The temple enshrines four large gold painted images of the Buddha, each contained within a separate room, barely large enough to accommodate the images. The front of the temple consists of three rooms, each containing a seated image. The central image measuring 46 feet high is in the “Calling the Earth to witness” posture. It is flanked by two smaller images each 33 feet high. The back of the building consists of a single room, that contains a 90 feet long reclining Buddha image wearing a serene facial expression. To this day, the Manuha temple is an active place of worship for Burmese Buddhists.

Statue in the temple

Structure

The Manuha temple is a rectangular, whitewashed building. The top storey which is much smaller than the lower one is topped with a large multi tiered hti, a spire shaped like a ceremonial umbrella. The edges of both first and second storey are adorned with several smaller hti’s.

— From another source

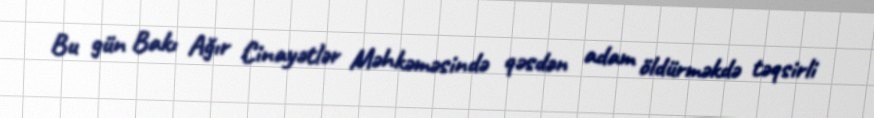
Bu gün Bakı Ağır Cinayətlər Məhkəməsində qəsdən adam öldürməkdə təqsirli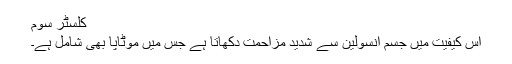
کلسٹر سوم
اس کیفیت میں جسم انسولین سے شدید مزاحمت دکھاتا ہے جس میں موٹاپا بھی شامل ہے۔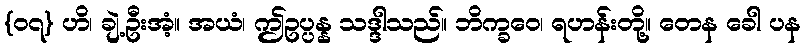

The building is oriented towards the East. At the center is a portico with the main entrance protruding out of the structure leading to the room that contains the largest sitting Buddha image. Two smaller entrances on either side of the portico lead to the rooms enshrining the smaller images. A number of narrow steps and a narrow door lead towards the room of the reclining Buddha in the back of the structure. Near the back is a stairway to the top of the temple; a window allows a view of one of the huge seated images from above. During the 1975 earthquake part of the roof collapsed damaging the central image, which has been restored since.

Manuha temple is one of the oldest temples of Bagan

Other structure on the grounds

A recent Burmese style building next to the temple contains statues of King Manuha and his Queen as well as an enormous alms bowl with a ladder in front of it. On a pole next to the temple rests a legendary Hamsa bird.

A section of a hall contains very colorful images of three of Burma’s most venerated Nats, Mai Wunna and her two sons, who live on Mount Popa, about 50 kilometers from Bagan. The Nats are ancient spirits that have been worshipped in Burma even before the arrival of Buddhism. Near the temple is a small chedi topped with a hti.